§ **The problem**: The lines from the start of the records through the one containing "Label: BareLand" are to be restated word for word; please include both ends.

§ **Information provided**:
*** Begin section ***

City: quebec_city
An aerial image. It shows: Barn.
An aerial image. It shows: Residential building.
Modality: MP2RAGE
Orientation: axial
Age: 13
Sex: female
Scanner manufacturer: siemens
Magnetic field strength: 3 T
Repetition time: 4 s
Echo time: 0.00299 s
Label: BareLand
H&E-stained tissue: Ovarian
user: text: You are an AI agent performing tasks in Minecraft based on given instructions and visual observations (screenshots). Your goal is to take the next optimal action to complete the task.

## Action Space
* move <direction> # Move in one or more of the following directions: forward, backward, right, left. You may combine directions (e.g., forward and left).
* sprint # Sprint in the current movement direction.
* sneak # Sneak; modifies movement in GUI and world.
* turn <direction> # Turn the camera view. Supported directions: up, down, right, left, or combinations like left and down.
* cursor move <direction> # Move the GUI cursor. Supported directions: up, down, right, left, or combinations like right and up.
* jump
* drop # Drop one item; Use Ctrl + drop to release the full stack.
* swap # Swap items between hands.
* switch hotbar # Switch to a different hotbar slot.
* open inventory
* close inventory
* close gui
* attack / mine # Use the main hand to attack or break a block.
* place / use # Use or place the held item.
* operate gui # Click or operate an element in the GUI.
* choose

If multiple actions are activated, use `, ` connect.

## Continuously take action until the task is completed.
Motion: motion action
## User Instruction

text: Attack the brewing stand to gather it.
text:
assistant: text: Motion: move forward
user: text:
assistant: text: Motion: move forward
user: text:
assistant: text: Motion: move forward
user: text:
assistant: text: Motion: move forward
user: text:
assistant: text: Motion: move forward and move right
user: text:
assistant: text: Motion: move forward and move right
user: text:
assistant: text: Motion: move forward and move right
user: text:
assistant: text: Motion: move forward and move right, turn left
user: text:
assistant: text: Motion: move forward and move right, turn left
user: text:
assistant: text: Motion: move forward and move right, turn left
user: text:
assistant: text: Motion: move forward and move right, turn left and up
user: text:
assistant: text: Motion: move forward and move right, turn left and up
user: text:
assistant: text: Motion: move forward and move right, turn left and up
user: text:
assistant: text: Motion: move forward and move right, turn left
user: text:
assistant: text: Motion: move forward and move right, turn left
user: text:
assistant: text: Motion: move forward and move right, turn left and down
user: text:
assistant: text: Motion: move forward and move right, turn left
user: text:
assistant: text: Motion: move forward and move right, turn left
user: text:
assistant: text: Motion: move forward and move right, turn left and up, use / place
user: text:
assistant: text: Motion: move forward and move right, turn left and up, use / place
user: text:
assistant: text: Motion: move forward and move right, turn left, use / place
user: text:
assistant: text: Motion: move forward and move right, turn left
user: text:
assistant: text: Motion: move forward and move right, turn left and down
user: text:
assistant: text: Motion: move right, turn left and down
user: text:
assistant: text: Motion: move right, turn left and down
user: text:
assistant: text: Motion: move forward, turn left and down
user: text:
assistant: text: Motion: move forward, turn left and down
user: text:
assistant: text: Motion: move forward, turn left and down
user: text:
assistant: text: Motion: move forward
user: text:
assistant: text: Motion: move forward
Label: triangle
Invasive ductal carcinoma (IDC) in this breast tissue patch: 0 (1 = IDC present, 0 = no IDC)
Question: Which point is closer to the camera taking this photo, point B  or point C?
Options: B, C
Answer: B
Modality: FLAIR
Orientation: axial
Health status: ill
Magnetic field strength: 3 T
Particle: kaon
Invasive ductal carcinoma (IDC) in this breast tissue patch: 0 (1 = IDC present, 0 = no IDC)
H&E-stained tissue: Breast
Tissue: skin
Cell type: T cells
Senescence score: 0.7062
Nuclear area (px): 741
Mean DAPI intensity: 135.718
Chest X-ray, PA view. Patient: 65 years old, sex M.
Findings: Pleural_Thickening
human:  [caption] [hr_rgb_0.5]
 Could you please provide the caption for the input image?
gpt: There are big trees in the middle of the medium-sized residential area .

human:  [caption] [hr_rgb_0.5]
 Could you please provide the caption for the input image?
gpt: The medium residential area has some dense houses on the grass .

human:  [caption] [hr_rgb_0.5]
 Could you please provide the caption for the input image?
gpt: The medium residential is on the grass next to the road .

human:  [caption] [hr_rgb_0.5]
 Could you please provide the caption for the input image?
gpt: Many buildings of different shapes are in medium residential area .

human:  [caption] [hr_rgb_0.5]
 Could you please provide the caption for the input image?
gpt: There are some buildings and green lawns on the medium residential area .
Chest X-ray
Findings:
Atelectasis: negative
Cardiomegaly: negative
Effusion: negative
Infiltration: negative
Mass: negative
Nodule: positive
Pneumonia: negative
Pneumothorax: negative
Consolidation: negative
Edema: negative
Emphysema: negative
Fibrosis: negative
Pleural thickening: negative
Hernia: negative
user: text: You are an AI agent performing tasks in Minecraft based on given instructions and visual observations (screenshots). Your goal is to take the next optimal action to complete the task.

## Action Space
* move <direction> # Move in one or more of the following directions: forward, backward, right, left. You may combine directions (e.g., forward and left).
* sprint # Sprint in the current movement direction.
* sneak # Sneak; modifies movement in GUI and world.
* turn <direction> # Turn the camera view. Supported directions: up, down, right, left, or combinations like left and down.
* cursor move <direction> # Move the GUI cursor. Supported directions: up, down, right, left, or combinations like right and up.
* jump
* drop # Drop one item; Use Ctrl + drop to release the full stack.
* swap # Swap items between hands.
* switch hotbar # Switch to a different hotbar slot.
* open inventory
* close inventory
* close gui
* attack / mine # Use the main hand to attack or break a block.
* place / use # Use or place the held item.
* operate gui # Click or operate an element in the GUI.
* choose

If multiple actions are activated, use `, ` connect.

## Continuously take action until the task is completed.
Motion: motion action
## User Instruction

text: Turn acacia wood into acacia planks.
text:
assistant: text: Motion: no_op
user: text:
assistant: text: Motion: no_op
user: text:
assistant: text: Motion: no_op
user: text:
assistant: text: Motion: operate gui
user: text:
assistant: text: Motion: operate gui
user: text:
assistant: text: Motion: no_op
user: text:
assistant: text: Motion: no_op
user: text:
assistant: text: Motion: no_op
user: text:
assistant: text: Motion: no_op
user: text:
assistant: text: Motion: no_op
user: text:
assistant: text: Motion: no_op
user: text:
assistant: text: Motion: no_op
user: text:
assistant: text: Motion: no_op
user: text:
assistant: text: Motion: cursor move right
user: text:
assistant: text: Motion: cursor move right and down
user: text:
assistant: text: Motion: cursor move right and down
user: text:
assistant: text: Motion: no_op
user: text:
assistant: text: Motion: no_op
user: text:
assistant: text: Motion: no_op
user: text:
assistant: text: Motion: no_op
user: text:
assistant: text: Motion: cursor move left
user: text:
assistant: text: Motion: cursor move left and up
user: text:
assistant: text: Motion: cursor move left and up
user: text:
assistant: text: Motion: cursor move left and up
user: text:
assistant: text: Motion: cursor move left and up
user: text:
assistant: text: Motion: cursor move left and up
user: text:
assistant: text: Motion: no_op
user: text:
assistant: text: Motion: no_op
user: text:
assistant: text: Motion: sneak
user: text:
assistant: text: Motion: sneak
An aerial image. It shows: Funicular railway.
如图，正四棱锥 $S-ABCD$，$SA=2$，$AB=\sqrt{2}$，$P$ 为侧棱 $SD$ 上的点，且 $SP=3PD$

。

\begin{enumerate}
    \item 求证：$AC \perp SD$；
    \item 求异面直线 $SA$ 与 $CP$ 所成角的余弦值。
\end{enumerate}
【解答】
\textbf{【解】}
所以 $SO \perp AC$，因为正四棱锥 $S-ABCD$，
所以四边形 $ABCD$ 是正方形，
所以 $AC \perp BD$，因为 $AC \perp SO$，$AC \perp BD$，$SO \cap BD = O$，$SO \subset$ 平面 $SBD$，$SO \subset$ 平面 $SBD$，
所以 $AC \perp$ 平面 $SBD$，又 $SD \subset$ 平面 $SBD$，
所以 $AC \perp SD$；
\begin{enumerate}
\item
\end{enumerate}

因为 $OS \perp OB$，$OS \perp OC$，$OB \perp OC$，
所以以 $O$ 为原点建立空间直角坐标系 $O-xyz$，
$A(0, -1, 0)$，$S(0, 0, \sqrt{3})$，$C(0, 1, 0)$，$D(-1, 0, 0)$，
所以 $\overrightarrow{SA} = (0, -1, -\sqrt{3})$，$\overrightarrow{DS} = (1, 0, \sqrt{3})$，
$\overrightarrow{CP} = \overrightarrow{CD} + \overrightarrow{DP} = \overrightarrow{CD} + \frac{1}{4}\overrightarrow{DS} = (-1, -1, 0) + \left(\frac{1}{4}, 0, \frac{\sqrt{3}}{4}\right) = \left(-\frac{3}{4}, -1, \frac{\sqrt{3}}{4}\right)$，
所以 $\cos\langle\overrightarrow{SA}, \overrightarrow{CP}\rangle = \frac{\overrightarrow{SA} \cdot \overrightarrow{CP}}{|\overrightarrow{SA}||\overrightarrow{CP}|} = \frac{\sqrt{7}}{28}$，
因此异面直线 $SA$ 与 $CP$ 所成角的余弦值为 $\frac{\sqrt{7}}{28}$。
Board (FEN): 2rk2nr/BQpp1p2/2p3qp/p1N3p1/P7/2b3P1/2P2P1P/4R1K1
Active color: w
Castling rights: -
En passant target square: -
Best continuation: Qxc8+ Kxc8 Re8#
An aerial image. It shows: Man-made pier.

*** End section ***

§ **Task answer**:
City: quebec_city
An aerial image. It shows: Barn.
An aerial image. It shows: Residential building.
Modality: MP2RAGE
Orientation: axial
Age: 13
Sex: female
Scanner manufacturer: siemens
Magnetic field strength: 3 T
Repetition time: 4 s
Echo time: 0.00299 s
Label: BareLand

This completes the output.